By Ken Foote | CBSDFW.COM

Richard Deacon was one of the most recognizable and memorable character actors on television from the 1950’s until his death in 1984. Born in Philadelphia, Deacon intended to be an actor in a leading role. While working with actress Helen Hayes, she told him that he would probably never be cast a leading man but encouraged him to be a character actor. That proved to be excellent advice which provided steady work for him for decades.

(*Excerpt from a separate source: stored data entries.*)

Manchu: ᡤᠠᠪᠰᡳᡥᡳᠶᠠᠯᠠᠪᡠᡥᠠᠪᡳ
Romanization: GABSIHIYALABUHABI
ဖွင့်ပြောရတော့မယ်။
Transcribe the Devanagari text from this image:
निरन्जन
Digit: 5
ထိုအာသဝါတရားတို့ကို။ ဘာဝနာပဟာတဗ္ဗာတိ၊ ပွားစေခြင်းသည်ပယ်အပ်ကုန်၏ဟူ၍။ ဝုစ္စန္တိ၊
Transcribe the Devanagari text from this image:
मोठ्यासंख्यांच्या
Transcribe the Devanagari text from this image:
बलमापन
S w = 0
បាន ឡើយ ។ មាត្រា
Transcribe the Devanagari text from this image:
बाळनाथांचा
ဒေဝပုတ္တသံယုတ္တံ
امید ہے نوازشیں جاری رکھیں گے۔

A bald, bespectacled man with a beautiful baritone voice and authoritative presence, he appeared in scores of TV shows such as Mister Ed, Donna Reed, Jack Benny, Burns & Allen, Make Room For Daddy, and The Mothers In Law, to name a few. He was typically cast in the role of a humorless and foul-mood individual. He even had a part in the movie, “The Happy Hooker Goes To Washington.” But he is best remember in two roles in two separate sitcoms from the 1950’s and 1960’s.

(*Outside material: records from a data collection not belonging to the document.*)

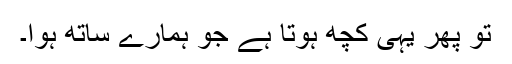
تو پھر یہی کچھ ہوتا ہے جو ہمارے ساتھ ہوا۔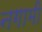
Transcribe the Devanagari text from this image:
नगामी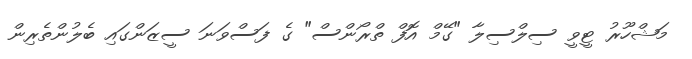
މަޝްހޫރު ޓީވީ ސިލްސިލާ "ގޭމް އޮފް ތްރޯންސް" ގެ ފަސްވަނަ ސީޒަންގައި ބެލުންތެރިން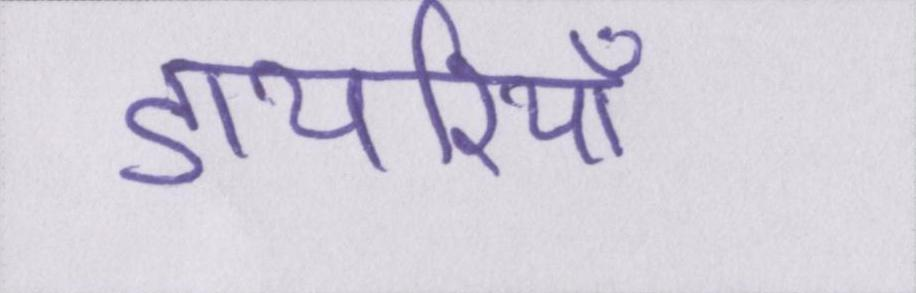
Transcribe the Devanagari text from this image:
डायरियाँ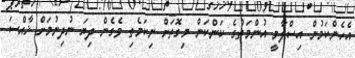
އެހެންކަމުން އިސްލާމީ އުންމަތުގެ ކަންކަން މިގޮތަށް ނިކަމެތި ވެގެން ދިޔަ ނުދިނުމަށް ޚާއްސަ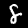
Digit: 8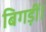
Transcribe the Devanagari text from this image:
बिगड़ीं।

In the hit sitcom Leave It To Beaver (1957-1963), Deacon played the father of Wally Cleaver’s best friend Lumpy Rutherford.  Fred, as Deacon’s character was known, was also the business partner of Ward Cleaver, Wally’s dad. Fred always thought the best of Lumpy yet was ignorant about his extracurricular activities outside of school, so when Lumpy would embarrass the family, Fred would say, “Lumpy you goof!” When in the company of Ward, when Fred was be on his way, he would say, “well, Ward old man, see you at the salt mines tomorrow!”. The Beaver show ran one season on the CBS Television Network then moved to ABC until its cancellation in 1963.

He is probably best known for his role as Mel Cooley, the brother of Alan Brady on the Dick Van Dyke Show (1961-1966 on CBS). Mel was the producer of the Alan Brady Show (which was supposedly a network show) and his job was to keep the writers of the show (Van Dyke, Rose Marie, and Morey Amsterdam) on point so that Alan (played by Carl Reiner who was the producer of the Van Dyke Show in real life) didn’t yell and screen at him. In this role, Deacon was that humorless, foul mood character to the writers but a total wimp when he had to deal with Alan Brady. Deacon made appearance on this show concurrently with appearances on The Beaver Show.

In real life, Deacon was a lifelong bachelor and a gourmet cook. He wrote a series of cookbooks and later hosted a show on Canadian TV on microwave cooking.  On August 8, 1984, Deacon passed away from heart disease and his remains cremated.